【茨城】(常陽産業研究所)
米国の関税政策でマイナスの影響があるとする企業が急増との調査結果も
地域シンクタンク・モニター定例調査
茨城県の経済動向は、1~3月期は業況判断の動きをもとに、モニターである常陽産業研究所は【やや悪化】とした。消費マインドの低迷や人手不足が影響している。4~6月期は、業況判断が製造業・非製造業ともに改善しているため【やや好転】。雇用動向は、有効求人倍率や雇用判断DIに動きがないことから1~3月期の実績は【横ばい】とした。新規求人数の増減は業種でバラツキがある。4~6月期の見通しは雇用判断DIの動きをもとに【好転】としている。モニターが実施した調査によると、ベースアップを実施する企業割合は2年連続で4割を超えた。また、米国の関税政策でマイナスの影響があるとする企業割合は、3月時点では3割超だったが、4月時点では7割超に急増している。
<経済動向>
消費マインドの低迷や人手不足を背景に景況感が悪化
モニターが実施した「県内主要企業の経営動向調査(1~3月期)」によれば、県内企業の景況感をあらわす自社業況総合判断DIは「悪化」超20.7%と、前期から約6ポイント低下した。業種別にみると、製造業は「悪化」超26.2%で約6ポイント低下、非製造業は「悪化」超16.5%で約5ポイント低下となっている。

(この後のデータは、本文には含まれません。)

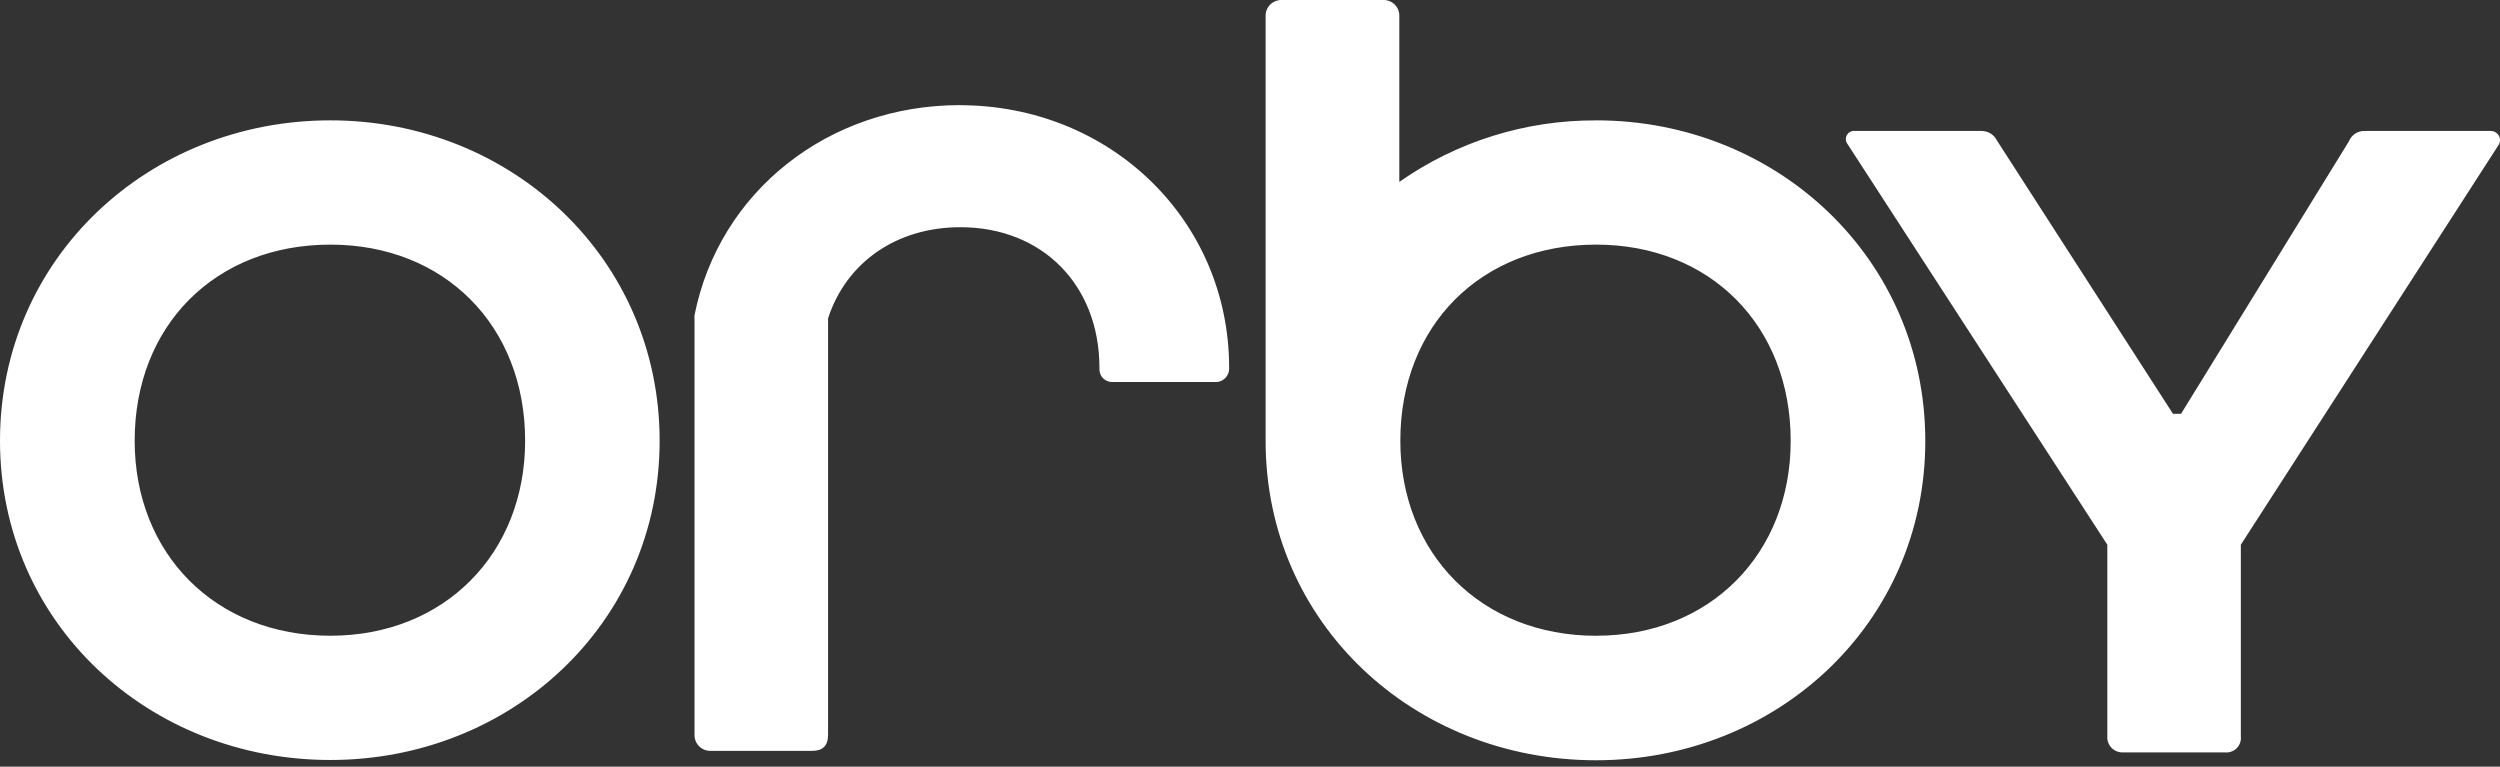 <?xml version="1.0" encoding="UTF-8"?> <svg xmlns="http://www.w3.org/2000/svg" width="150" height="46" viewBox="0 0 150 46" fill="none"><rect x="0" y="0" width="150" height="46" fill="#333333" stroke="none"/> <path fill-rule="evenodd" clip-rule="evenodd" d="M57.594 6.308C49.701 6.308 43.145 11.492 41.671 18.914C41.663 18.974 41.663 19.035 41.671 19.095V44.083C41.667 44.21 41.689 44.337 41.736 44.455C41.783 44.574 41.854 44.682 41.944 44.773C42.034 44.863 42.142 44.935 42.261 44.983C42.381 45.031 42.508 45.055 42.637 45.052H48.715C49.338 45.052 49.684 44.777 49.684 44.083V19.099C50.785 15.723 53.807 13.633 57.622 13.633C62.534 13.633 65.966 17.096 65.966 22.068C65.966 22.068 65.966 22.145 65.966 22.159C65.965 22.259 65.983 22.357 66.021 22.45C66.058 22.542 66.114 22.626 66.185 22.697C66.255 22.768 66.339 22.824 66.432 22.862C66.525 22.901 66.624 22.921 66.725 22.921H73.033C73.226 22.897 73.404 22.805 73.535 22.664C73.666 22.521 73.742 22.338 73.748 22.145V22.061C73.748 13.23 66.633 6.312 57.578 6.312L57.594 6.308ZM95.773 38.147C88.865 38.144 84.02 33.218 84.02 26.444C84.02 19.535 88.858 14.677 95.766 14.677C102.603 14.677 107.441 19.535 107.441 26.444C107.448 33.218 102.61 38.144 95.773 38.144V38.147ZM95.773 7.224C91.542 7.202 87.411 8.492 83.959 10.915V0.96C83.963 0.834 83.941 0.709 83.894 0.592C83.848 0.474 83.778 0.368 83.688 0.278C83.599 0.188 83.492 0.118 83.375 0.07C83.257 0.022 83.131 -0.002 83.004 0H76.906C76.778 -0.003 76.65 0.02 76.531 0.067C76.412 0.114 76.304 0.184 76.213 0.274C76.123 0.364 76.051 0.471 76.004 0.589C75.956 0.707 75.933 0.833 75.937 0.96V26.46C75.937 37.405 84.847 45.616 95.763 45.616C106.604 45.616 115.518 37.405 115.518 26.46C115.518 15.515 106.618 7.221 95.773 7.221V7.224ZM19.823 38.144C12.915 38.144 8.08 33.218 8.08 26.444C8.08 19.535 12.915 14.677 19.823 14.677C26.663 14.677 31.508 19.535 31.508 26.444C31.508 33.218 26.663 38.144 19.823 38.144ZM19.823 7.221C8.91 7.221 0 15.498 0 26.444C0 37.389 8.91 45.599 19.823 45.599C30.664 45.599 39.578 37.389 39.578 26.444C39.578 15.498 30.671 7.221 19.823 7.221ZM149.444 7.858H141.916C141.708 7.845 141.501 7.898 141.324 8.009C141.149 8.12 141.013 8.283 140.937 8.476L130.862 24.83H130.38L119.81 8.419C119.727 8.253 119.6 8.113 119.442 8.014C119.285 7.915 119.102 7.862 118.916 7.858H111.313C111.219 7.845 111.123 7.86 111.037 7.899C110.95 7.939 110.877 8.003 110.827 8.082C110.776 8.162 110.749 8.254 110.75 8.349C110.751 8.443 110.78 8.535 110.832 8.613L126.44 32.684V44.183C126.431 44.312 126.451 44.44 126.496 44.561C126.541 44.681 126.613 44.791 126.704 44.882C126.796 44.973 126.907 45.043 127.028 45.088C127.15 45.133 127.28 45.152 127.409 45.143H133.484C133.614 45.157 133.746 45.142 133.871 45.099C133.995 45.056 134.108 44.986 134.2 44.894C134.292 44.801 134.363 44.69 134.406 44.567C134.45 44.444 134.464 44.313 134.45 44.183V32.684L149.926 8.681C149.975 8.597 150 8.502 150 8.406C150 8.309 149.975 8.215 149.926 8.131C149.876 8.048 149.807 7.978 149.722 7.931C149.638 7.883 149.542 7.858 149.444 7.858Z" fill="white"></path> </svg>

モニターは製造業について「生産・受注の持ち直しが進んだものの、コスト高、外需の低迷、海外経済の先行き不透明感などが、景況感を下押ししたと推測される」とコメントし、非製造業については「消費マインドの低迷や人手不足による売上減少、コスト高や価格転嫁難による経常利益の圧迫などから、景況感が悪化したとみられる」と説明したうえで、1~3月期の地域経済を【やや悪化】と判断した。
なお、調査に回答した企業からは、「主力製品の原料(野菜)が高値となり、売上は増加したものの、利益が大幅に減少」(食料品)、「光熱費や人件費も上昇しているが、今すぐの価格転嫁は困難」(木材・木製品)など、原材料費や販管費の高騰、価格転嫁の難しさなどにより、収益が圧迫されているとの声が多く聞かれた。そのほか、「生活コストの上昇から、家電等の耐久消費財を買い控える傾向がみられる」(家電量販店)、「消費者の節約志向が高まり、価格競争が激化している」(スーパーマーケット)など、物価高などを受けた消費マインドの低迷を指摘する声が多くあがっている。
先行きの業況判断は製造業・非製造業ともに改善
4~6月期については、自社業況総合判断DIは全産業で「悪化」超15.9%と、1~3月期から約5ポイント上昇する見通し。これを業種別にみると、製造業は「悪化」超18.4%で今期から約8ポイント上昇、非製造業は「悪化」超14.0%で約3ポイント上昇の見込みとなっている。
モニターは「先行きは、米トランプ政権の政策を含む海外経済の動向、日本政府による対米交渉や経済政策の行方、金融・為替市場等の動向、国内の物価・賃金の動向、県内企業の価格転嫁の動向などを注視する必要があるだろう」とコメントしたうえで、判断を【やや好転】とした。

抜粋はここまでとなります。